Periodical studies also shows us how disparate modernist figures are connected through shared publication outlets. Annalise Grice, for example, examines Ford Madox Ford’s connection with D.H. Lawrence. Grice suggests that Ford’s liberal politics championed working-class writing during his editorship at The English Review, which provided an apt venue for Lawrence’s early short stories in which he reflected upon his provincial working-class childhood. Yui Kajita offers a fascinating study of Walter de la Mare’s connection with Elizabeth Bowen through their parrot stories in The London Mercury. Kajita’s careful reading shows herein unrecognized inter-textual echoes between de la Mare’s ‘Pretty Poll’ and Bowen’s ‘The Parrots’. In both stories, the parrot’s calls are represented as ambiguous and mysterious ‘tones’ that defy easy interpretation. Kajita reads these stories as resonating with the editor J.C. Squire’s preference for short stories that express moods and atmosphere rather than those driven by plot.

Ann-Marie Einhaus’s chapter on Horizon and Tessa Thorniley’s on The Penguin New Writing are excellent companion pieces, offering insights into the two rival publications’ differing handling of wartime stories. Einhaus shows that Cyril Connolly, editor of Horizon, treated the short story as lightweight pastime reading, as opposed to serious journalistic reports. Therefore, wartime stories were included in Horizon mostly for their topicality to appeal to the mass reader.
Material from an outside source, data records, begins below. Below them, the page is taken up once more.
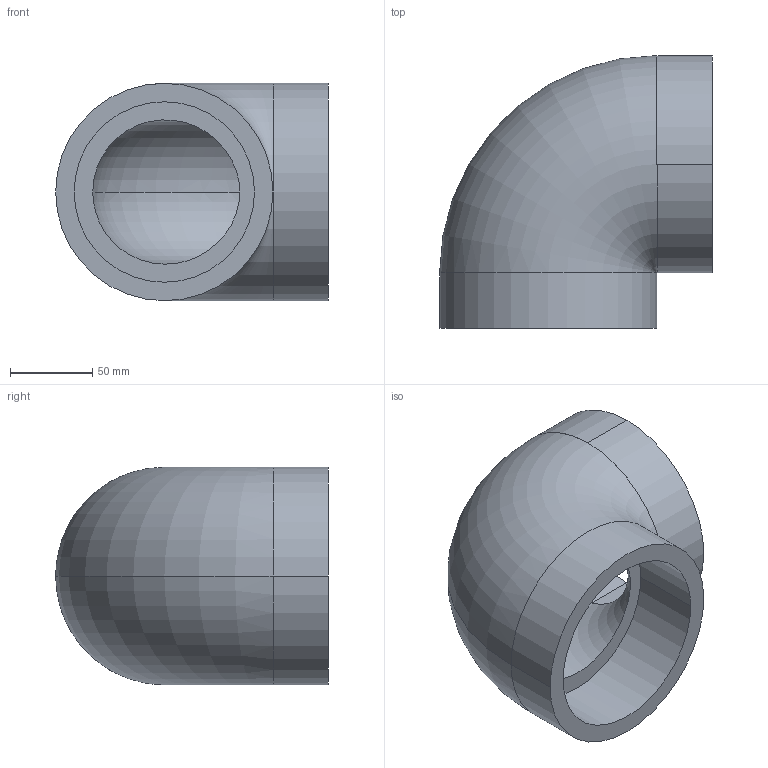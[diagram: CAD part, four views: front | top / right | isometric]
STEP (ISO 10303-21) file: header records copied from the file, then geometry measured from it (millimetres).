
FILE_DESCRIPTION( ( '' ), '1' );
FILE_NAME( 'AGRU_25051011007_PE 100 schwarz_Winkel 90°_110 - MOP 16 bar_105.stp', '2012-06-20T12:53:25', ( '' ), ( '' ), ' ', ' ', ' ' );
FILE_SCHEMA( ( 'CONFIG_CONTROL_DESIGN' ) );
Length unit declared in the file: millimetre
Products named in the file (1): 1
Bounding box: 166.25 x 166.25 x 132.5 mm (x, y, z)
Volume: 1028277.1 mm3; surface area: 139955.8 mm2
Topology: 1 solids, 1 shells, 18 faces, 40 edges, 26 vertices
Faces by surface type: cylinder 8, plane 6, torus 4
Entity records: 940 total; most frequent: CARTESIAN_POINT 481, DIRECTION 94, ORIENTED_EDGE 80, AXIS2_PLACEMENT_3D 43, EDGE_CURVE 40, VERTEX_POINT 26, CIRCLE 24, EDGE_LOOP 22
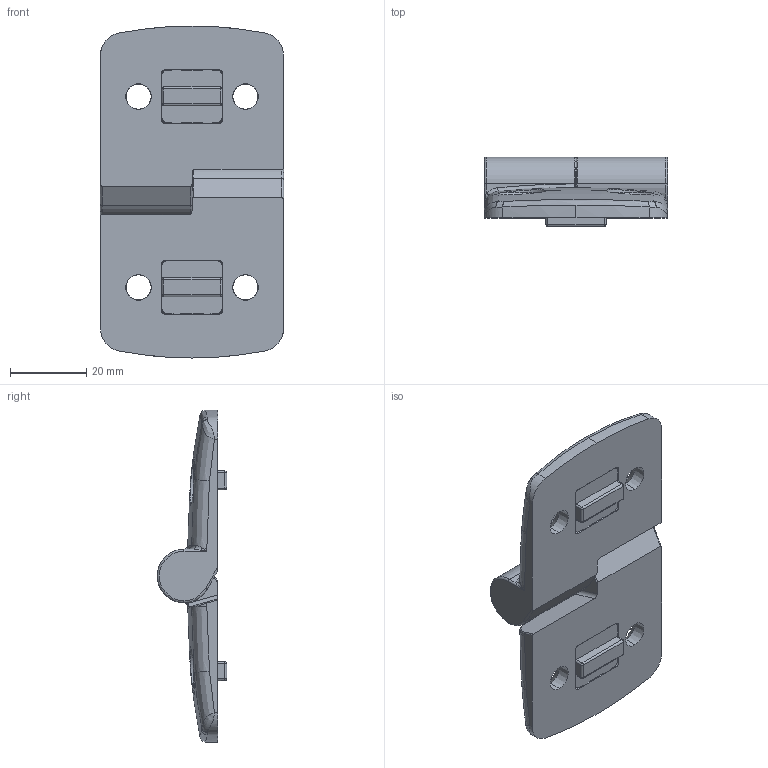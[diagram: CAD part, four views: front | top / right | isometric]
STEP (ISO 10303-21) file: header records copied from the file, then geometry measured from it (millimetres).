
FILE_DESCRIPTION (( 'STEP AP203' ), '1' );
FILE_NAME ('151267.step', '2021-06-03T16:04:32', ( '' ), ( '' ), 'SwSTEP 2.0', 'SolidWorks 2021', '' );
FILE_SCHEMA (( 'CONFIG_CONTROL_DESIGN' ));
Length unit declared in the file: millimetre
Products named in the file (1): 151267
Bounding box: 48 x 18.2 x 87 mm (x, y, z)
Volume: 27029.3 mm3; surface area: 13803.3 mm2
Topology: 4 solids, 4 shells, 388 faces, 936 edges, 532 vertices
Faces by surface type: cylinder 126, plane 88, torus 60, cone 52, bspline 46, sphere 16
Entity records: 14473 total; most frequent: CARTESIAN_POINT 5907, ORIENTED_EDGE 1812, DIRECTION 1748, EDGE_CURVE 906, AXIS2_PLACEMENT_3D 687, VERTEX_POINT 532, EDGE_LOOP 402, FACE_OUTER_BOUND 388
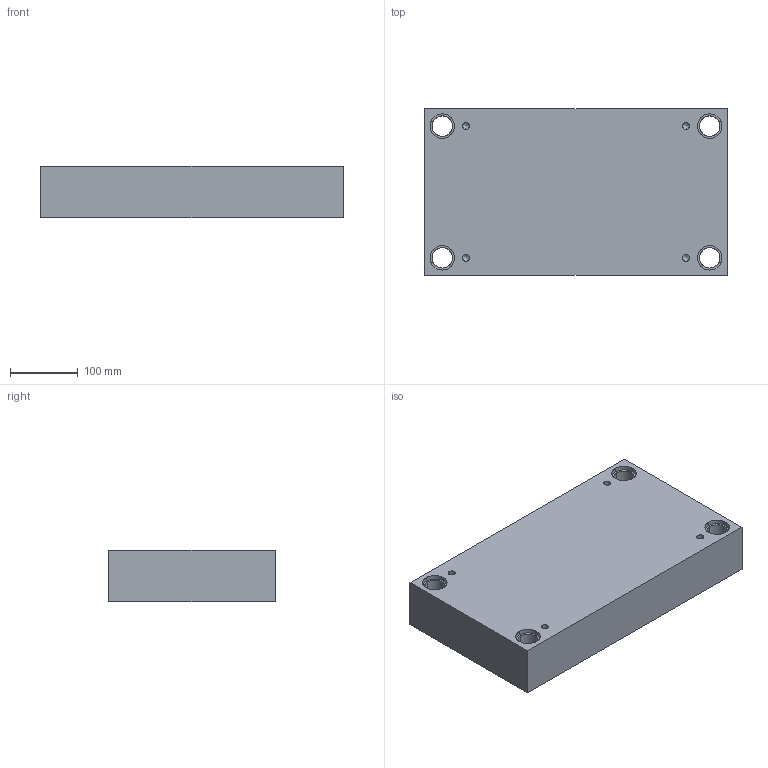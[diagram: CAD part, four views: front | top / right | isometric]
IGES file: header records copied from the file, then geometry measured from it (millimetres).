
Start section: Comment
Global section: file name: OS_E_246x446x076_.igs; native system:  By Spatial Corp.; preprocessor: XPlus PS/IGES 3.0; author: Author; organization: Title; date: 20040601.184323; units: inch
Bounding box: 445.7 x 245.7 x 76 mm (x, y, z)
Surface area: 350447.3 mm2 (no closed solid volume)
Topology: 0 solids, 0 shells, 42 faces, 192 edges, 184 vertices
Faces by surface type: bspline 42

In contrast, John Lehmann’s editorship in The Penguin New Writing, as Thorniley demonstrates, helped writers to explore the short story as an apposite literary form to express their wartime experience from a variety of perspectives across class and gender. Lehmann observed that different literary sensibilities—documentary realism and psychological analysis—had distinct effects to render wartime experience. His editorship thus oversaw a diverse array of wartime stories and had great impact on subsequent writings on this topic.
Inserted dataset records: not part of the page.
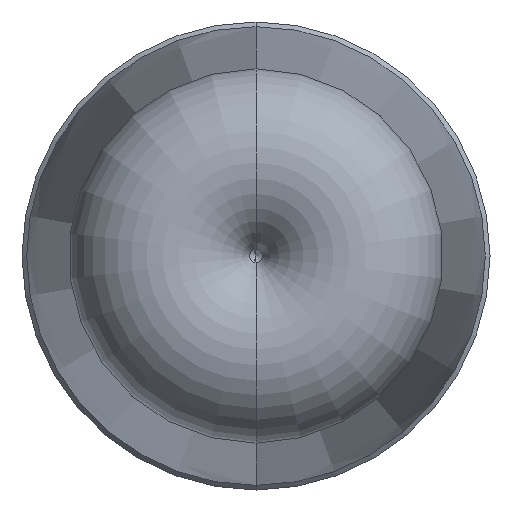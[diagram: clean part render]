
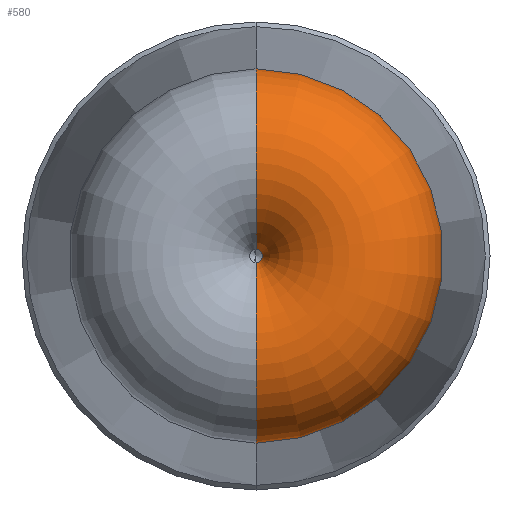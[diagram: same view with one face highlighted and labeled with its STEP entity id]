
A CAD part, front view. The second image highlights one B-rep face of the part: STEP entity #580.
In plain terms, the highlighted toroidal (fillet/blend) face has major radius 5 mm and minor radius 5 mm.
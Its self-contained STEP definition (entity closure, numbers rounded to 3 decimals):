
#28 = CARTESIAN_POINT ( 'NONE',  ( 0., 5., 0. ) ) ;
#42 = DIRECTION ( 'NONE',  ( 0., 0., -1. ) ) ;
#46 = CIRCLE ( 'NONE', #381, 5. ) ;
#48 = CARTESIAN_POINT ( 'NONE',  ( 0., 5., -5. ) ) ;
#49 = CARTESIAN_POINT ( 'NONE',  ( 0., 8., 0. ) ) ;
#50 = VERTEX_POINT ( 'NONE', #254 ) ;
#88 = CARTESIAN_POINT ( 'NONE',  ( 0., 8., -9. ) ) ;
#91 = AXIS2_PLACEMENT_3D ( 'NONE', #49, #605, #42 ) ;
#126 = ORIENTED_EDGE ( 'NONE', *, *, #427, .T. ) ;
#143 = AXIS2_PLACEMENT_3D ( 'NONE', #212, #249, #207 ) ;
#151 = CIRCLE ( 'NONE', #388, 0.35 ) ;
#167 = ORIENTED_EDGE ( 'NONE', *, *, #237, .T. ) ;
#174 = CIRCLE ( 'NONE', #91, 9. ) ;
#207 = DIRECTION ( 'NONE',  ( 0., 0., 1. ) ) ;
#212 = CARTESIAN_POINT ( 'NONE',  ( 0., 5., 5. ) ) ;
#237 = EDGE_CURVE ( 'NONE', #50, #259, #46, .T. ) ;
#246 = EDGE_CURVE ( 'NONE', #359, #259, #174, .T. ) ;
#249 = DIRECTION ( 'NONE',  ( -1., 0., 0. ) ) ;
#254 = CARTESIAN_POINT ( 'NONE',  ( 0., 3.163, -0.35 ) ) ;
#259 = VERTEX_POINT ( 'NONE', #88 ) ;
#269 = ORIENTED_EDGE ( 'NONE', *, *, #246, .F. ) ;
#276 = DIRECTION ( 'NONE',  ( 0., 0., -1. ) ) ;
#293 = DIRECTION ( 'NONE',  ( 0., 1., 0. ) ) ;
#295 = DIRECTION ( 'NONE',  ( 1., 0., 0. ) ) ;
#301 = VERTEX_POINT ( 'NONE', #484 ) ;
#313 = CIRCLE ( 'NONE', #143, 5. ) ;
#345 = FACE_OUTER_BOUND ( 'NONE', #469, .T. ) ;
#359 = VERTEX_POINT ( 'NONE', #386 ) ;
#377 = AXIS2_PLACEMENT_3D ( 'NONE', #28, #501, #409 ) ;
#381 = AXIS2_PLACEMENT_3D ( 'NONE', #48, #428, #276 ) ;
#386 = CARTESIAN_POINT ( 'NONE',  ( 0., 8., 9. ) ) ;
#388 = AXIS2_PLACEMENT_3D ( 'NONE', #581, #293, #295 ) ;
#409 = DIRECTION ( 'NONE',  ( 0., 0., 1. ) ) ;
#427 = EDGE_CURVE ( 'NONE', #301, #50, #151, .T. ) ;
#428 = DIRECTION ( 'NONE',  ( 1., 0., 0. ) ) ;
#469 = EDGE_LOOP ( 'NONE', ( #126, #167, #269, #502 ) ) ;
#484 = CARTESIAN_POINT ( 'NONE',  ( 0., 3.163, 0.35 ) ) ;
#501 = DIRECTION ( 'NONE',  ( 0., 1., 0. ) ) ;
#502 = ORIENTED_EDGE ( 'NONE', *, *, #521, .F. ) ;
#521 = EDGE_CURVE ( 'NONE', #301, #359, #313, .T. ) ;
#526 = TOROIDAL_SURFACE ( 'NONE', #377, 5., 5. ) ;
#580 = ADVANCED_FACE ( 'NONE', ( #345 ), #526, .T. ) ;
#581 = CARTESIAN_POINT ( 'NONE',  ( 0., 3.163, 0. ) ) ;
#605 = DIRECTION ( 'NONE',  ( 0., 1., 0. ) ) ;

With a similar interest in sub-genre, Emma West draws our attention to ‘the artist story’ which became popular in the 1920s, especially in The Royal and The Strand. After World War I, readers longed for gaiety. In the ensuing battle of the brows in the interwar years, anyone with highbrow aspirations became subjects of derision. The figure of the artist—especially Futurists at the time—became representative of the indulgent elitists, potential targets to lampoon. In The Strand, a middlebrow or ‘broad-brow’ magazine, the avant-garde artists bore the brunt of the joke. In The Royal, however, the artists—especially commercial writers—were often celebrated as success stories to which their lower-middle class readers could aspire. 

The last section of the collection turns to periodicals of regional interests. Tara McEvoy’s chapter offers an engaging account of the Northern Irish magazine Lagan. Named after the river dissecting Belfast, the magazine was founded with an ambition to champion a distinct Ulster writing for international recognition. McEvoy suggests that the editor John Boyd harboured ‘a vibrant, outward-looking regionalism’ that could ‘act as a springboard for solidarity with international liberal and leftist causes, and artistic movements’ (277). Turning our attention from Northern Ireland to Wales, Daniel Hughes examines Wales magazine, which had Dylan Thomas as its poster boy. Welsh-nationalist in its political persuasion, Wales also engaged with European modernism. To certain extent, both Lagan and Wales highlight the complex exchange between localism and international modernism, offering a reconsideration of the geographical dimension of high modernism. 

This volume assembles an impressive array of contributions, with broad thematic concerns, and diverse approaches to the rich terrain of periodical studies. The collection fully demonstrates the various ways in which the periodical as a medium may reshape our understanding of modernism and modernity. Attending to little magazines as well as middlebrow and illustrated popular magazines, it resonates richly with the New Modernist Studies’ agenda of expanding the cultural latitude of high modernism. It is essential reading for researchers interested in modern periodical studies, and the short story form.